WORK INSTRUCTION
Where a picture occurs in the data, omit it, and copy all remaining data exactly.

Data excerpts:
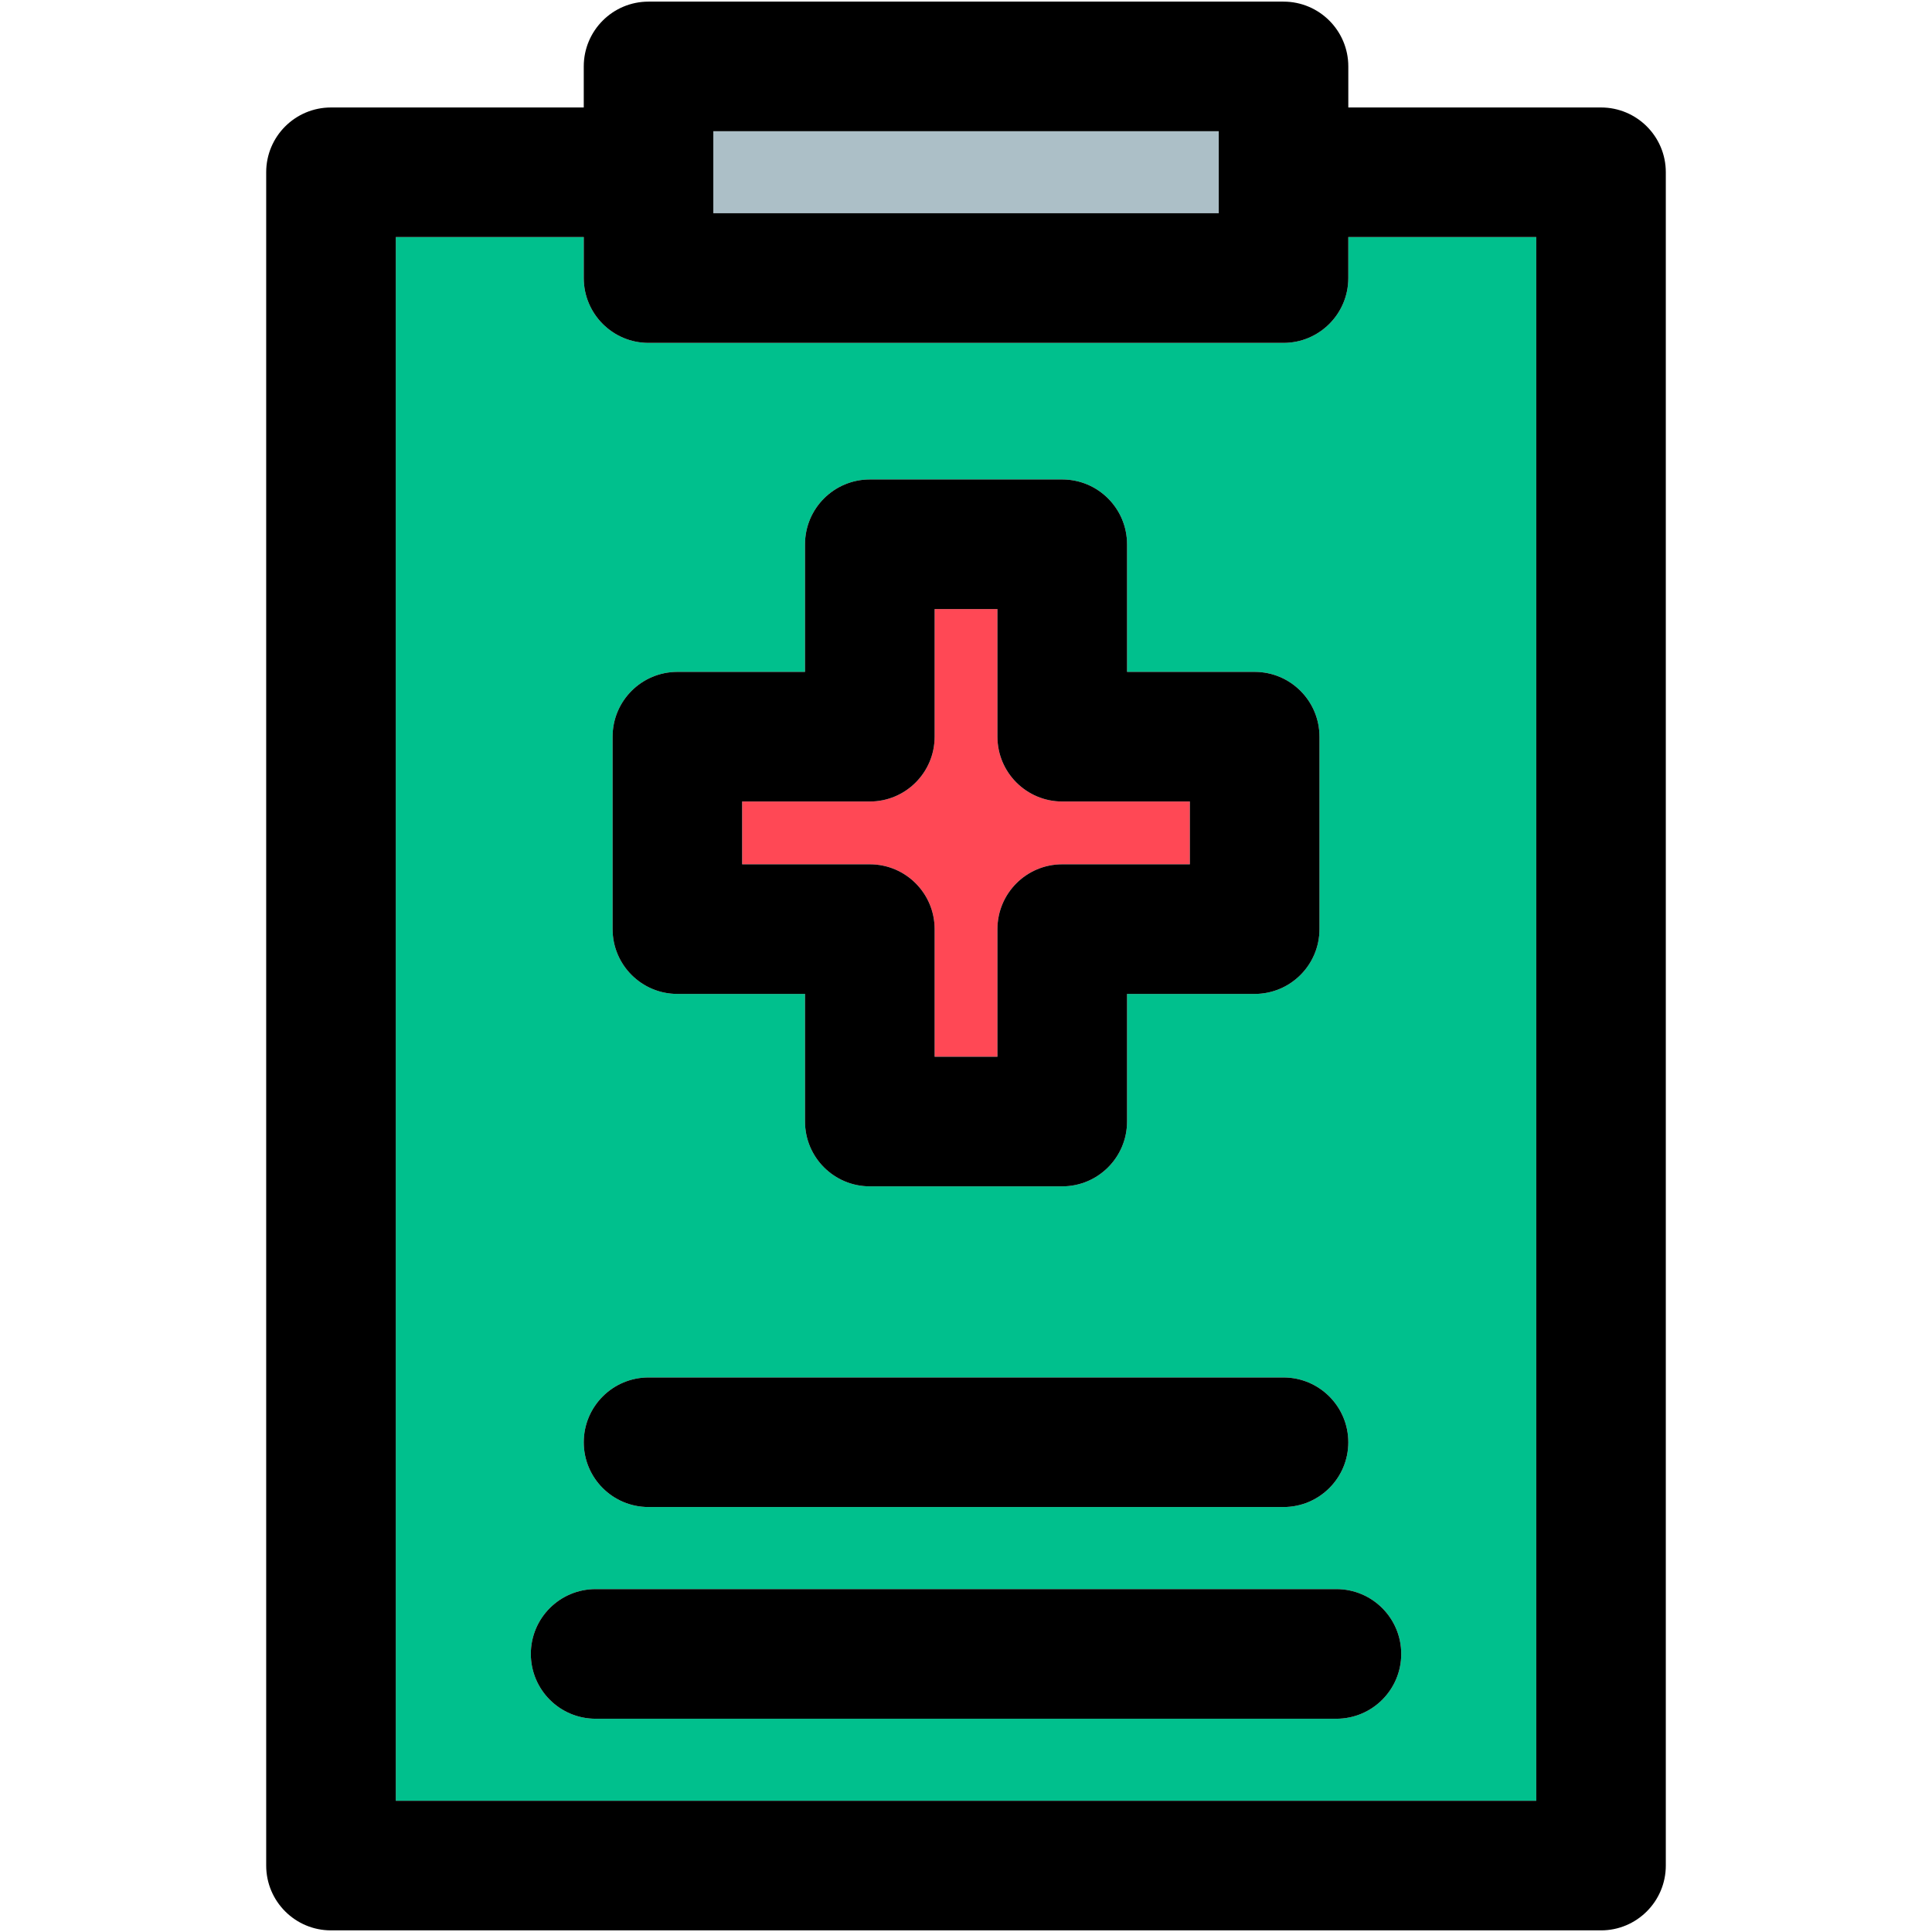 <?xml version="1.0" encoding="iso-8859-1"?>
<!-- Generator: Adobe Illustrator 18.0.0, SVG Export Plug-In . SVG Version: 6.00 Build 0)  -->
<!DOCTYPE svg PUBLIC "-//W3C//DTD SVG 1.1//EN" "http://www.w3.org/Graphics/SVG/1.1/DTD/svg11.dtd">
<svg version="1.1" id="Capa_1" xmlns="http://www.w3.org/2000/svg" xmlns:xlink="http://www.w3.org/1999/xlink" x="0px" y="0px"
	 viewBox="0 0 297.5 297.5" style="enable-background:new 0 0 297.5 297.5;" xml:space="preserve">
<g>
	<g id="XMLID_40_">
		<g>
			<path style="fill:#FF4855;" d="M183.22,123.42v9.67h-19.65c-5.51,0-9.98,4.47-9.98,9.98v19.65h-9.67v-19.65
				c0-5.51-4.47-9.98-9.98-9.98h-19.66v-9.67h19.66c5.51,0,9.98-4.47,9.98-9.98V93.79h9.67v19.65c0,5.51,4.47,9.98,9.98,9.98H183.22
				z"/>
			<path style="fill:#00C08D;" d="M236.56,36.5v240.79H60.95V36.5h28.94v6.32c0,5.51,4.46,9.98,9.97,9.98h97.78
				c5.51,0,9.98-4.47,9.98-9.98V36.5H236.56z M215.77,254.68c0-5.51-4.47-9.98-9.98-9.98H91.71c-5.51,0-9.97,4.47-9.97,9.98
				c0,5.51,4.46,9.98,9.97,9.98h114.08C211.3,264.66,215.77,260.19,215.77,254.68z M207.62,222.09c0-5.51-4.47-9.98-9.98-9.98H99.86
				c-5.51,0-9.97,4.47-9.97,9.98c0,5.51,4.46,9.97,9.97,9.97h97.78C203.15,232.06,207.62,227.6,207.62,222.09z M203.18,143.07
				v-29.63c0-5.51-4.47-9.98-9.98-9.98h-19.65V83.81c0-5.51-4.47-9.98-9.98-9.98h-29.63c-5.51,0-9.98,4.47-9.98,9.98v19.65h-19.65
				c-5.51,0-9.98,4.47-9.98,9.98v29.63c0,5.51,4.47,9.98,9.98,9.98h19.65v19.65c0,5.51,4.47,9.98,9.98,9.98h29.63
				c5.51,0,9.98-4.47,9.98-9.98v-19.65h19.65C198.71,153.05,203.18,148.58,203.18,143.07z"/>
			<rect x="109.84" y="20.21" style="fill:#ACBFC7;" width="77.83" height="12.63"/>
			<path d="M256.51,26.52v260.75c0,5.51-4.47,9.98-9.98,9.98H50.97c-5.51,0-9.98-4.47-9.98-9.98V26.52c0-5.51,4.47-9.97,9.98-9.97
				h38.92v-6.32c0-5.51,4.46-9.98,9.97-9.98h97.78c5.51,0,9.98,4.47,9.98,9.98v6.32h38.91C252.04,16.55,256.51,21.01,256.51,26.52z
				 M236.56,277.29V36.5h-28.94v6.32c0,5.51-4.47,9.98-9.98,9.98H99.86c-5.51,0-9.97-4.47-9.97-9.98V36.5H60.95v240.79H236.56z
				 M187.67,32.84V20.21h-77.83v12.63H187.67z"/>
			<path d="M205.79,244.7c5.51,0,9.98,4.47,9.98,9.98c0,5.51-4.47,9.98-9.98,9.98H91.71c-5.51,0-9.97-4.47-9.97-9.98
				c0-5.51,4.46-9.98,9.97-9.98H205.79z"/>
			<path d="M197.64,212.11c5.51,0,9.98,4.47,9.98,9.98c0,5.51-4.47,9.97-9.98,9.97H99.86c-5.51,0-9.97-4.46-9.97-9.97
				c0-5.51,4.46-9.98,9.97-9.98H197.64z"/>
			<path d="M203.18,113.44v29.63c0,5.51-4.47,9.98-9.98,9.98h-19.65v19.65c0,5.51-4.47,9.98-9.98,9.98h-29.63
				c-5.51,0-9.98-4.47-9.98-9.98v-19.65h-19.65c-5.51,0-9.98-4.47-9.98-9.98v-29.63c0-5.51,4.47-9.98,9.98-9.98h19.65V83.81
				c0-5.51,4.47-9.98,9.98-9.98h29.63c5.51,0,9.98,4.47,9.98,9.98v19.65h19.65C198.71,103.46,203.18,107.93,203.18,113.44z
				 M183.22,133.09v-9.67h-19.65c-5.51,0-9.98-4.47-9.98-9.98V93.79h-9.67v19.65c0,5.51-4.47,9.98-9.98,9.98h-19.66v9.67h19.66
				c5.51,0,9.98,4.47,9.98,9.98v19.65h9.67v-19.65c0-5.51,4.47-9.98,9.98-9.98H183.22z"/>
		</g>
		<g>
		</g>
	</g>
</g>
<g>
</g>
<g>
</g>
<g>
</g>
<g>
</g>
<g>
</g>
<g>
</g>
<g>
</g>
<g>
</g>
<g>
</g>
<g>
</g>
<g>
</g>
<g>
</g>
<g>
</g>
<g>
</g>
<g>
</g>
</svg>

RESPONSE BOX
 <?xml version="1.0" encoding="iso-8859-1"?>
<!-- Generator: Adobe Illustrator 18.0.0, SVG Export Plug-In . SVG Version: 6.00 Build 0)  -->
<!DOCTYPE svg PUBLIC "-//W3C//DTD SVG 1.1//EN" "http://www.w3.org/Graphics/SVG/1.1/DTD/svg11.dtd">
<svg version="1.1" id="Capa_1" xmlns="http://www.w3.org/2000/svg" xmlns:xlink="http://www.w3.org/1999/xlink" x="0px" y="0px"
	 viewBox="0 0 297.5 297.5" style="enable-background:new 0 0 297.5 297.5;" xml:space="preserve">
<g>
	<g id="XMLID_40_">
		<g>
			<path style="fill:#FF4855;" d="M183.22,123.42v9.67h-19.65c-5.51,0-9.98,4.47-9.98,9.98v19.65h-9.67v-19.65
				c0-5.51-4.47-9.98-9.98-9.98h-19.66v-9.67h19.66c5.51,0,9.98-4.47,9.98-9.98V93.79h9.67v19.65c0,5.51,4.47,9.98,9.98,9.98H183.22
				z"/>
			<path style="fill:#00C08D;" d="M236.56,36.5v240.79H60.95V36.5h28.94v6.32c0,5.51,4.46,9.98,9.97,9.98h97.78
				c5.51,0,9.98-4.47,9.98-9.98V36.5H236.56z M215.77,254.68c0-5.51-4.47-9.98-9.98-9.98H91.71c-5.51,0-9.97,4.47-9.97,9.98
				c0,5.51,4.46,9.98,9.97,9.98h114.08C211.3,264.66,215.77,260.19,215.77,254.68z M207.62,222.09c0-5.51-4.47-9.98-9.98-9.98H99.86
				c-5.51,0-9.97,4.47-9.97,9.98c0,5.51,4.46,9.97,9.97,9.97h97.78C203.15,232.06,207.62,227.6,207.62,222.09z M203.18,143.07
				v-29.63c0-5.51-4.47-9.98-9.98-9.98h-19.65V83.81c0-5.51-4.47-9.98-9.98-9.98h-29.63c-5.51,0-9.98,4.47-9.98,9.98v19.65h-19.65
				c-5.51,0-9.98,4.47-9.98,9.98v29.63c0,5.51,4.47,9.98,9.98,9.98h19.65v19.65c0,5.51,4.47,9.98,9.98,9.98h29.63
				c5.51,0,9.98-4.47,9.98-9.98v-19.65h19.65C198.71,153.05,203.18,148.58,203.18,143.07z"/>
			<rect x="109.84" y="20.21" style="fill:#ACBFC7;" width="77.83" height="12.63"/>
			<path d="M256.51,26.52v260.75c0,5.51-4.47,9.98-9.98,9.98H50.97c-5.51,0-9.98-4.47-9.98-9.98V26.52c0-5.51,4.47-9.97,9.98-9.97
				h38.92v-6.32c0-5.51,4.46-9.98,9.97-9.98h97.78c5.51,0,9.98,4.47,9.98,9.98v6.32h38.91C252.04,16.55,256.51,21.01,256.51,26.52z
				 M236.56,277.29V36.5h-28.94v6.32c0,5.51-4.47,9.98-9.98,9.98H99.86c-5.51,0-9.97-4.47-9.97-9.98V36.5H60.95v240.79H236.56z
				 M187.67,32.84V20.21h-77.83v12.63H187.67z"/>
			<path d="M205.79,244.7c5.51,0,9.98,4.47,9.98,9.98c0,5.51-4.47,9.98-9.98,9.98H91.71c-5.51,0-9.97-4.47-9.97-9.98
				c0-5.51,4.46-9.98,9.97-9.98H205.79z"/>
			<path d="M197.64,212.11c5.51,0,9.98,4.47,9.98,9.98c0,5.51-4.47,9.97-9.98,9.97H99.86c-5.51,0-9.97-4.46-9.97-9.97
				c0-5.51,4.46-9.98,9.97-9.98H197.64z"/>
			<path d="M203.18,113.44v29.63c0,5.51-4.47,9.98-9.98,9.98h-19.65v19.65c0,5.51-4.47,9.98-9.98,9.98h-29.63
				c-5.51,0-9.98-4.47-9.98-9.98v-19.65h-19.65c-5.51,0-9.98-4.47-9.98-9.98v-29.63c0-5.51,4.47-9.98,9.98-9.98h19.65V83.81
				c0-5.51,4.47-9.98,9.98-9.98h29.63c5.51,0,9.98,4.47,9.98,9.98v19.65h19.65C198.71,103.46,203.18,107.93,203.18,113.44z
				 M183.22,133.09v-9.67h-19.65c-5.51,0-9.98-4.47-9.98-9.98V93.79h-9.67v19.65c0,5.51-4.47,9.98-9.98,9.98h-19.66v9.67h19.66
				c5.51,0,9.98,4.47,9.98,9.98v19.65h9.67v-19.65c0-5.51,4.47-9.98,9.98-9.98H183.22z"/>
		</g>
		<g>
		</g>
	</g>
</g>
<g>
</g>
<g>
</g>
<g>
</g>
<g>
</g>
<g>
</g>
<g>
</g>
<g>
</g>
<g>
</g>
<g>
</g>
<g>
</g>
<g>
</g>
<g>
</g>
<g>
</g>
<g>
</g>
<g>
</g>
</svg>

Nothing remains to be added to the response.